Real Estate Transfer Tax (IMT) & Stamp Duty
Two taxes must be paid before completion: the Portuguese Real Estate Transfer Tax (IMT) and Stamp Duty.
Urban property used exclusively for residential purposes: up to 6%*
Rural property: 5%
Urban property not intended exclusively for residential purposes: 6.5%
Property purchased by a company resident in a tax haven: 10%
* Progressive rate due on either the tax value of the property (as set by the Tax Department) or the acquisition price, whichever is higher. Online calculators are available; the official one is http://apemip.info/info/IMT.cfm
Stamp Duty
Onerous or free transfers of ownership or parts thereof: 0.8% of the value of the transaction or value of the property, whichever is higher
And
1. When you inherit a property;
2. When a property is a donation from someone (spouses, descending and ascending relatives who inherit a property or who are the beneficiaries of a donation are exempt) 10% Stamp Duty is payable
Completion
To complete the sale, the buyer must show proof of payment of IMT and Stamp Duty. All parties involved in the purchase/ sale must attend, unless the buyer or seller grants power of attorney for another party to act on their behalf, often their lawyer.

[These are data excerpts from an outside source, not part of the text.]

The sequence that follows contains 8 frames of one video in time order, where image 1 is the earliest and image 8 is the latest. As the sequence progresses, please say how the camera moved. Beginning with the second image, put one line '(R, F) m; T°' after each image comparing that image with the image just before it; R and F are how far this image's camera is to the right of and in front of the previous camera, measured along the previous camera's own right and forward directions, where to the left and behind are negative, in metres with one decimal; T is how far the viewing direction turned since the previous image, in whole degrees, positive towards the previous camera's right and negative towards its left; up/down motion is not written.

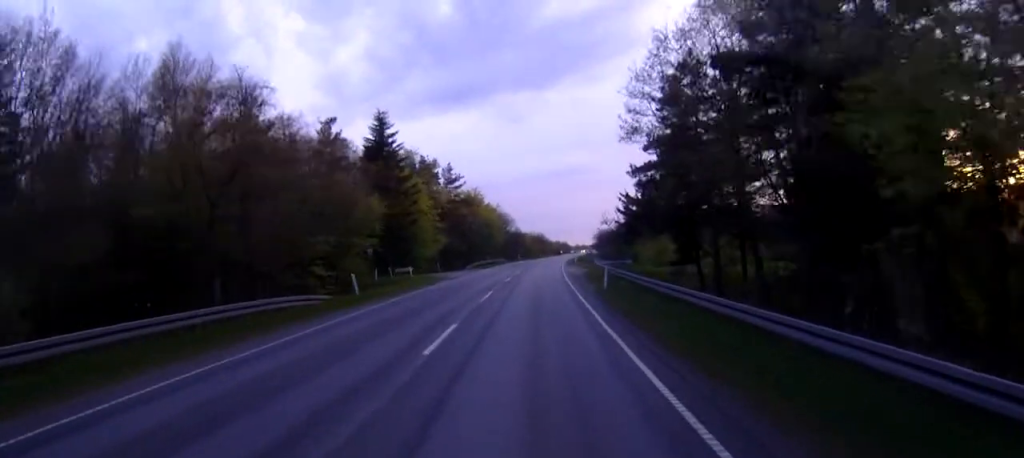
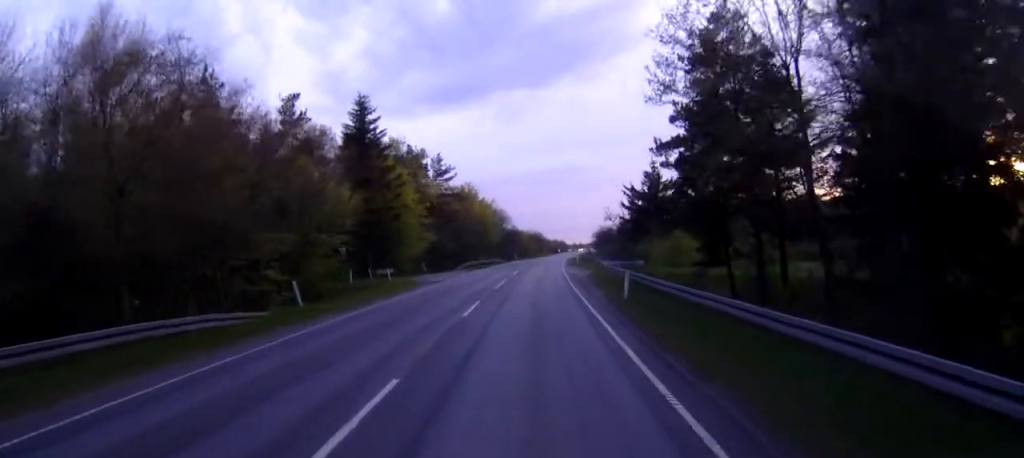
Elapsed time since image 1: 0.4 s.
(0.0, +7.8) m; 0°
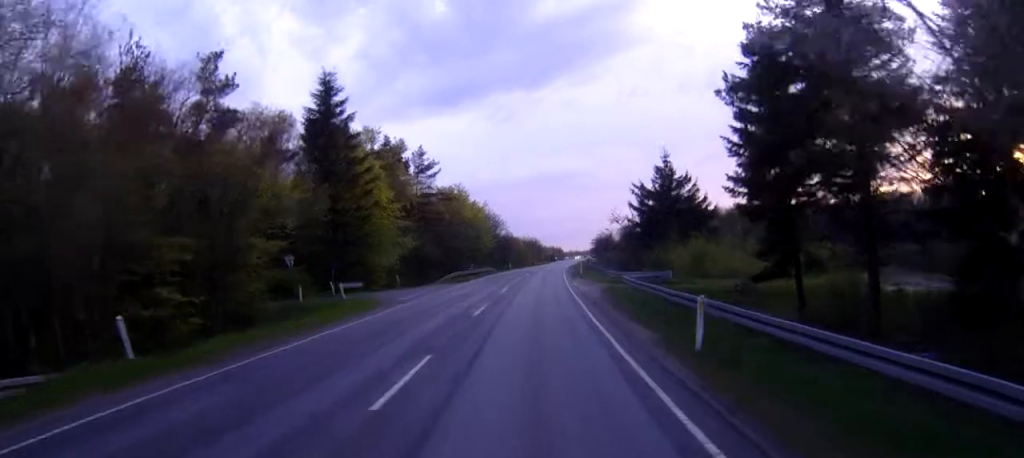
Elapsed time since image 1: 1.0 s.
(0.0, +11.1) m; +1°
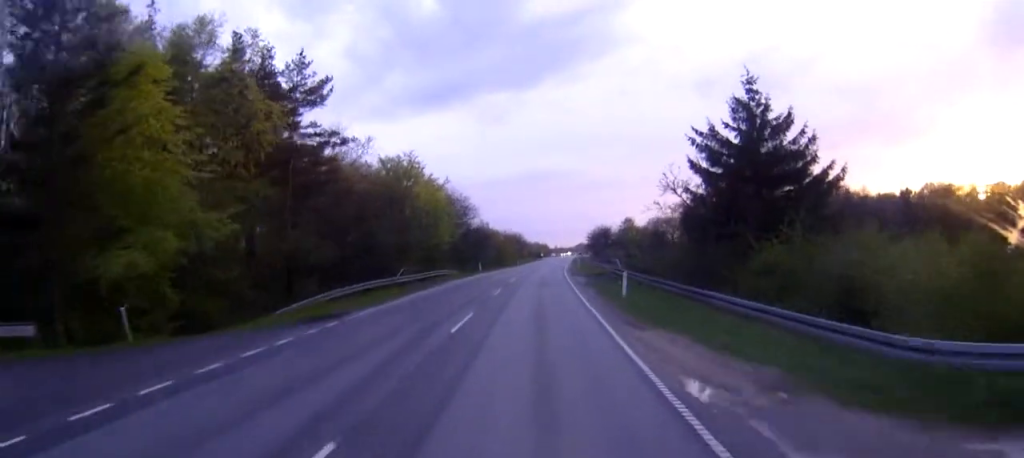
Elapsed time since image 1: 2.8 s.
(+0.5, +36.8) m; +1°
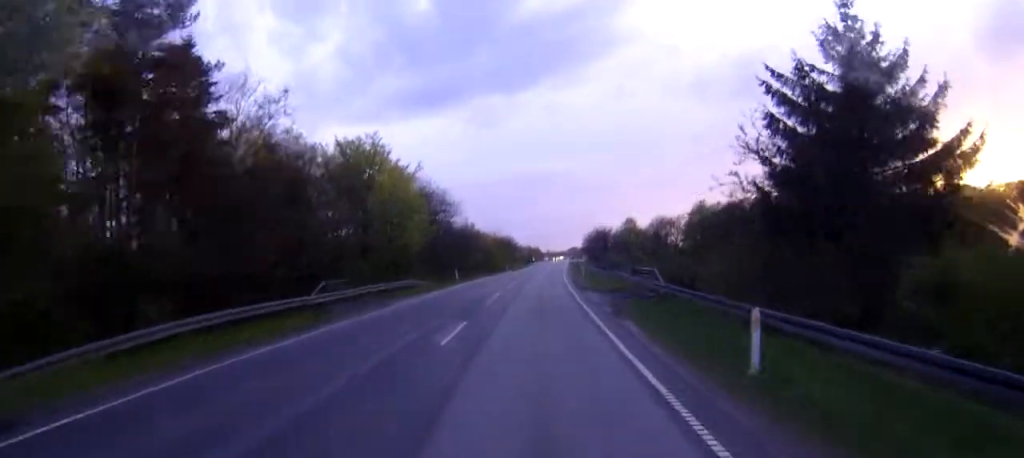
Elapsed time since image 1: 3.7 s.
(0.0, +16.3) m; 0°
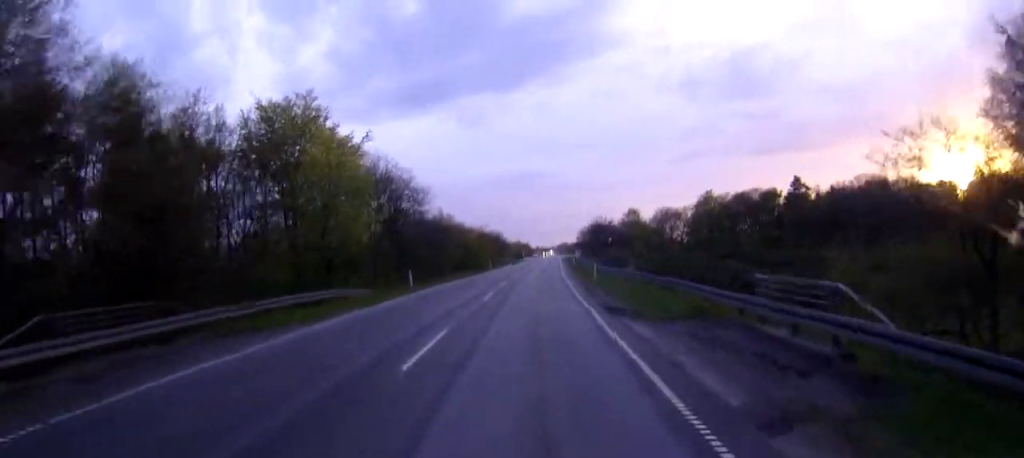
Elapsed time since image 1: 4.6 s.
(-0.1, +18.7) m; +1°
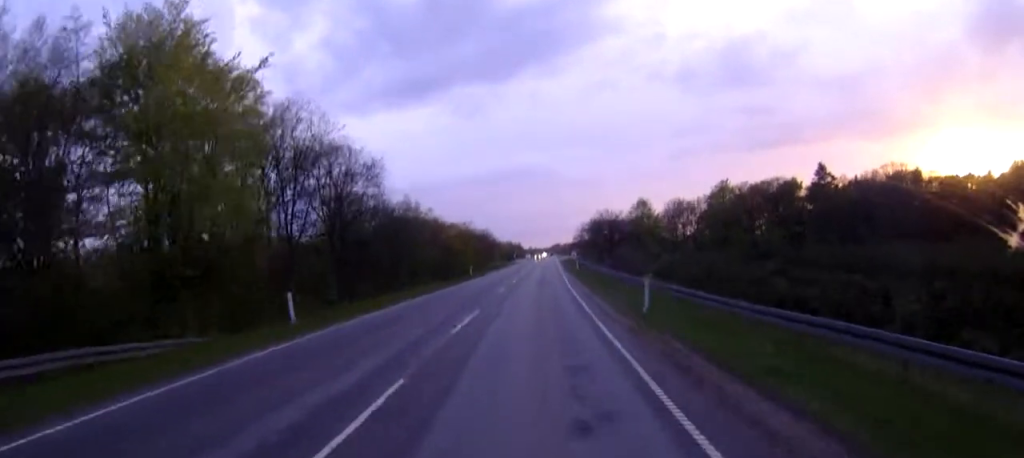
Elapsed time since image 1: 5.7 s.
(+0.4, +20.3) m; +2°
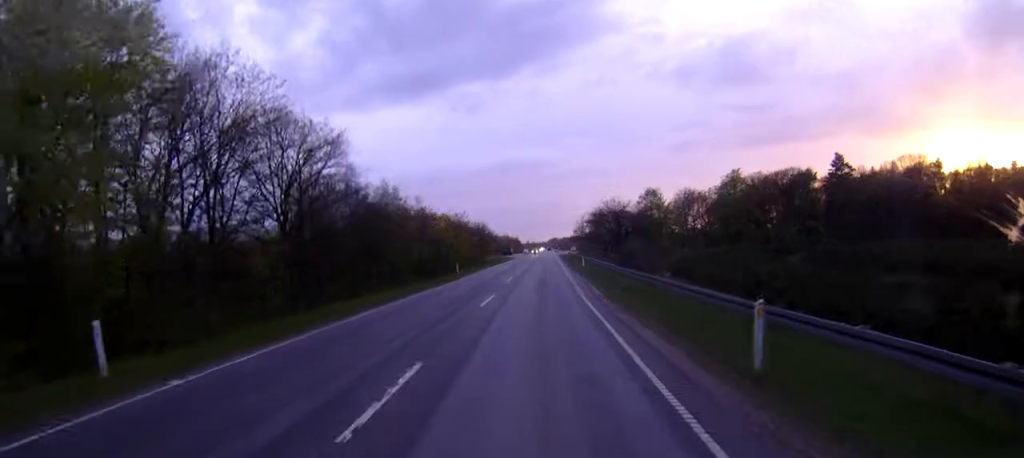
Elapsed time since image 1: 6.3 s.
(+0.1, +10.6) m; 0°

The balance of the purchase price is paid and the notary records the transaction in the official record. Once the deed and all other associated transactions are complete, the (new) owner must register the acquisition (definitively, if the Promissory Contract was signed and registered before) at the Land and Property Registry Office, to ensure the transfer of the ownership and the legal proof of ownership.

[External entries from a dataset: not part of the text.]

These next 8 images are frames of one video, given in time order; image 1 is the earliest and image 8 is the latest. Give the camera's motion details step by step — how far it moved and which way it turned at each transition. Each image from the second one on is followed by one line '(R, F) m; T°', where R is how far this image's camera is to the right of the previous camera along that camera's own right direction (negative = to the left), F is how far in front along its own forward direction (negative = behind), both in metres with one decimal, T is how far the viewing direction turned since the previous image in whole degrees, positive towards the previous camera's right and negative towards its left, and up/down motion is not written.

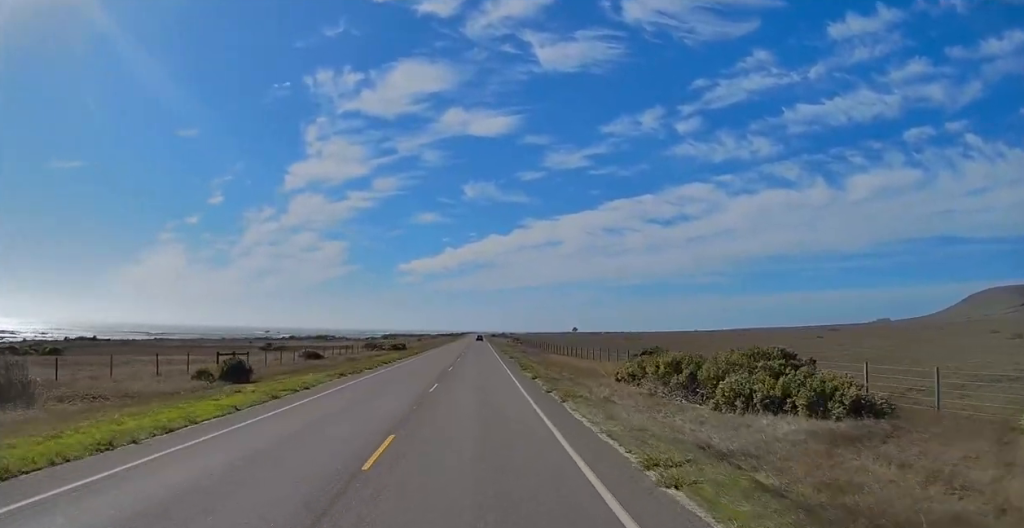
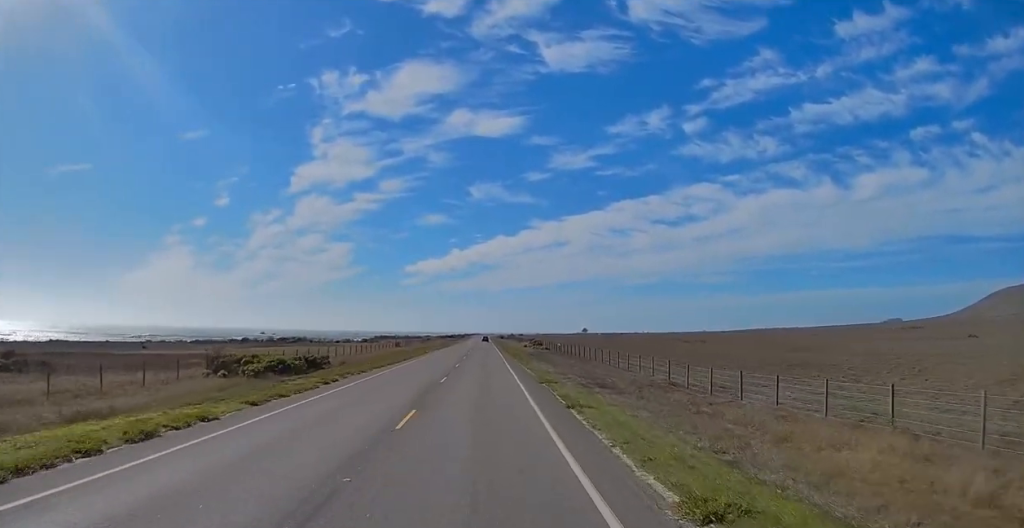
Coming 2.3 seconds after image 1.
(-0.1, +54.6) m; -1°
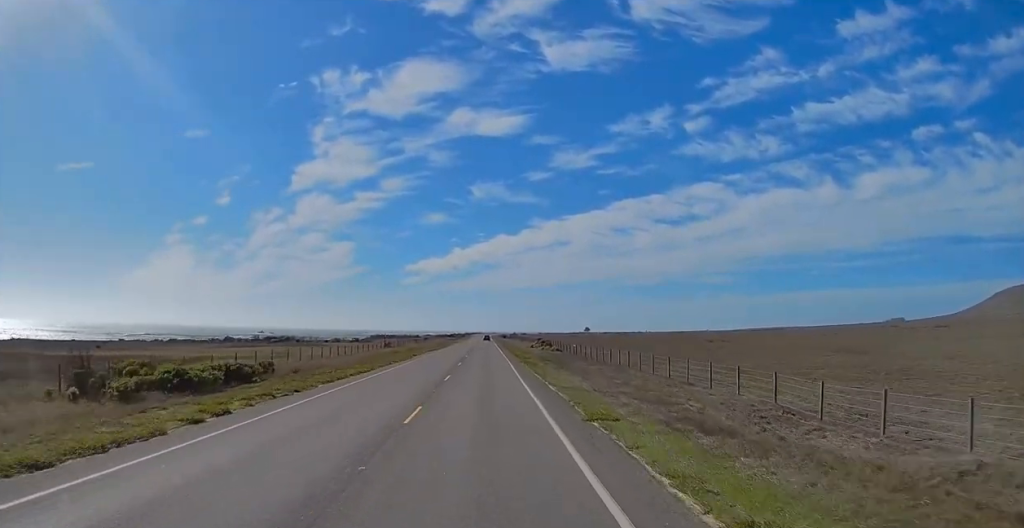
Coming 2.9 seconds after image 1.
(-0.1, +13.4) m; 0°
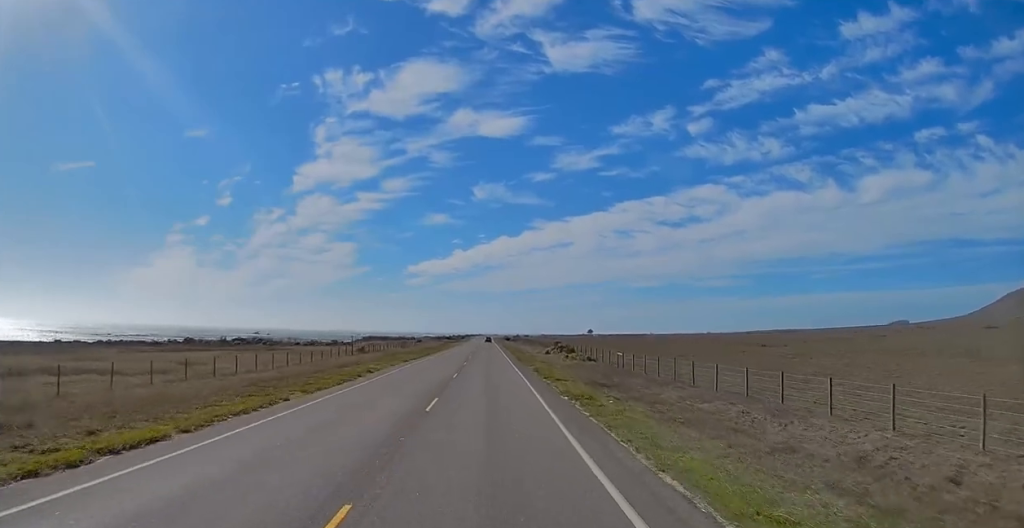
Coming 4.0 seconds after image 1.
(-0.1, +25.6) m; 0°
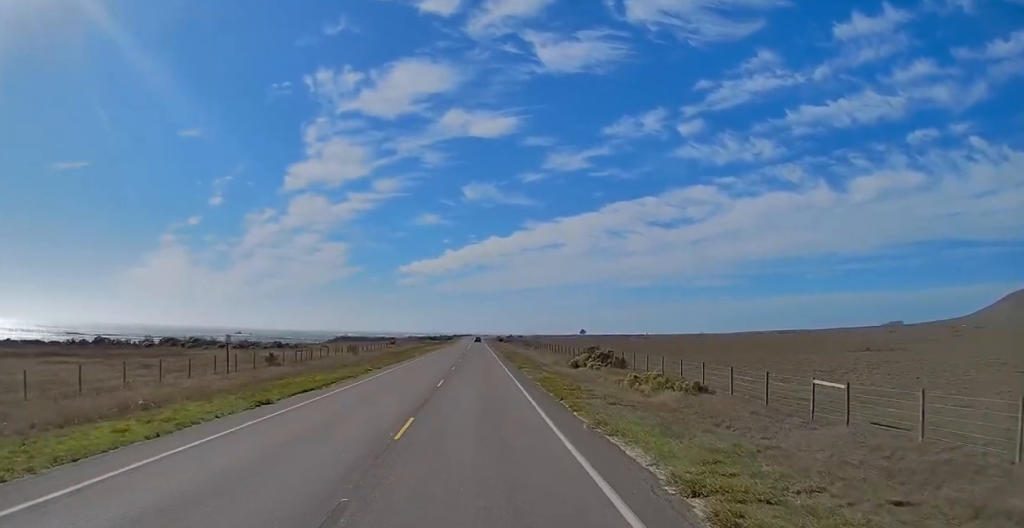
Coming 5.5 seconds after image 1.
(+0.2, +33.6) m; +1°
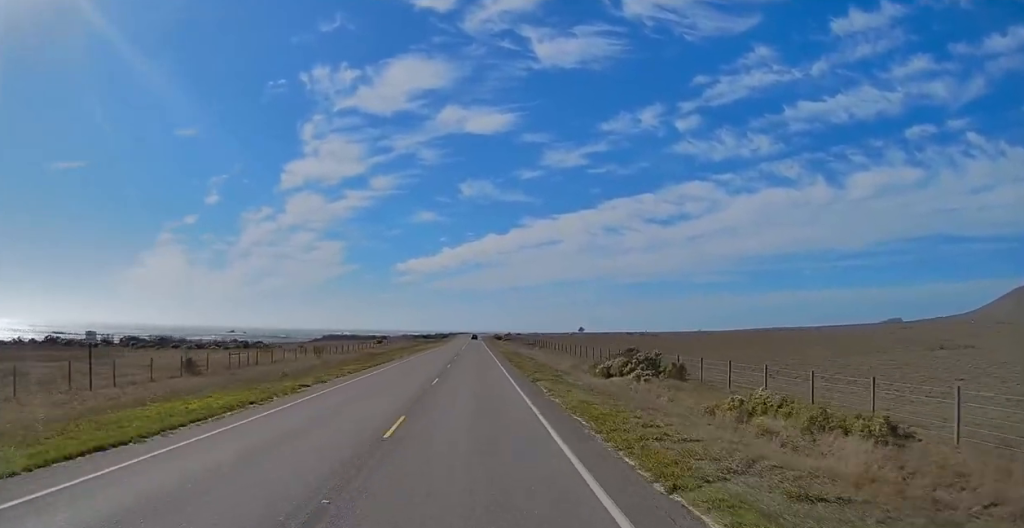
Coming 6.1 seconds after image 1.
(0.0, +15.0) m; 0°
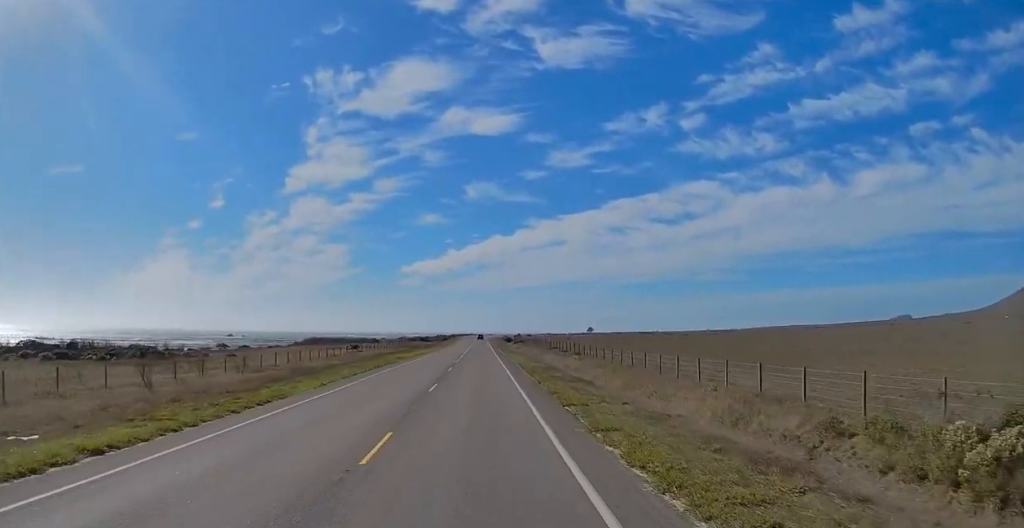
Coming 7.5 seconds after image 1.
(+0.1, +33.5) m; 0°
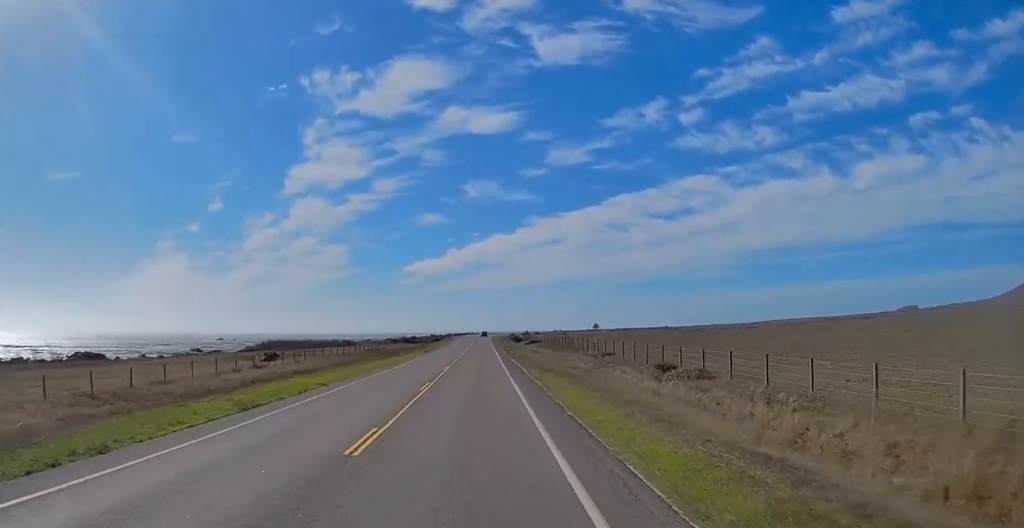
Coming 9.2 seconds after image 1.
(-0.1, +39.7) m; 0°

To develop commercial buildings or carry out large construction projects, usually a protocol of agreement between the Town Hall and the developer is required. It is advisable to request previous confirmation from the Town Hall, in order to ensure the successful implementation of the project.
Corporate Ownership
It is also possible to acquire property indirectly through an equity stake in an investment vehicle owning such property – often done to mitigate tax consequences.
Ongoing Costs of Ownership
IMI: REAL ESTATE TAX The IMI tax is based on the rateable value of the property as set by the Tax Department. The rate varies from 0.3% to 0.8% a year.

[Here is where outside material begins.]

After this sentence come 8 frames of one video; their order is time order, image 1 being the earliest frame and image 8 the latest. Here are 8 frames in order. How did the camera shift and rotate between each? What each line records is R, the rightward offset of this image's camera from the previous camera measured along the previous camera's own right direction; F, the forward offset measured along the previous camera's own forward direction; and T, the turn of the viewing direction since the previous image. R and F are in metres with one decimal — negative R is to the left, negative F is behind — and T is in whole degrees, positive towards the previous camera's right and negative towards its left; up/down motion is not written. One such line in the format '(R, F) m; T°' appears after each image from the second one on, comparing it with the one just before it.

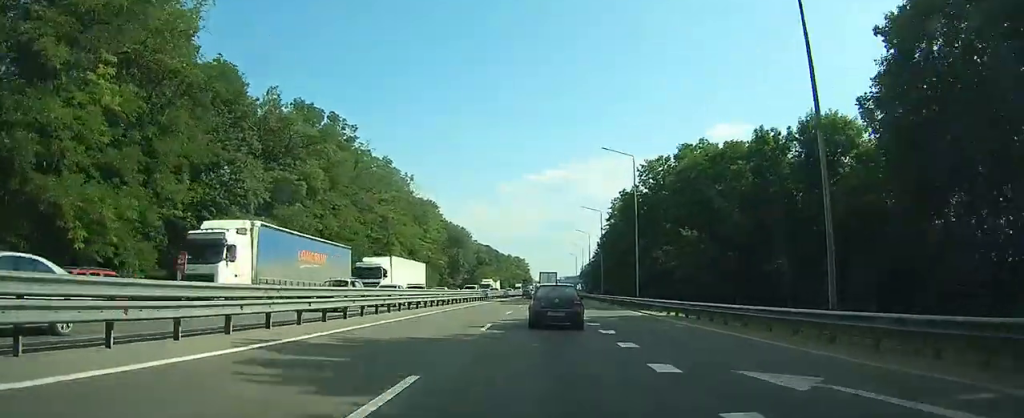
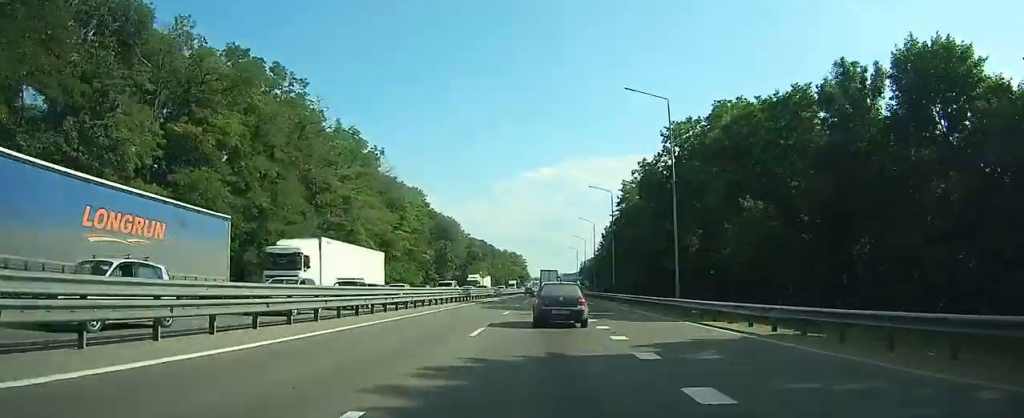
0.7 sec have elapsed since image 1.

Urban property: 0.3% to 0.45%
Rural property: 0.8%
Property owned by residents in certain off-shore jurisdictions: 7.5%
ADDITIONAL IMI (AIMI) The IMI surcharge (Adicional ao IMI), is due by individuals and companies that own urban real-estate properties located in Portuguese territory. However, urban properties classified as commercial, industrial or service-providing are outside the scope of the AIMI. The AIMI is assessed on the sum of the taxable value of the urban properties owned by each taxpayer as of January 1 of each year.
RATES: INDIVIDUALS
Up to the value of €600,000: no AIMI
On the value between €600,000 and €1 million (married taxpayers and unmarried cohabiting couples who opt for an aggregated taxation are granted a deduction of €1.2 million): 0.7%
On the value that exceeds €1 million (married taxpayers and unmarried cohabiting couples who opt for an aggregated taxation are granted a deduction of €2 million): 1%
These rates also apply when a property owned by a legal entity is allocated to the personal use of shareholders, members of the corporate bodies, or of any administrative, management or supervisory bodies (or their spouses or relatives in the ascending or descending lines).
RATES: COMPANIES
On the global sum of the taxable value of eligible properties (companies are not entitled to any deduction): 0.4%
Due on the global sum of the taxable value of eligible properties, whenever the company is resident in a tax haven: 7.5%
Exemptions: Urban properties which have benefited from an IMI exemption in the previous year are excluded from the surcharge taxable basis.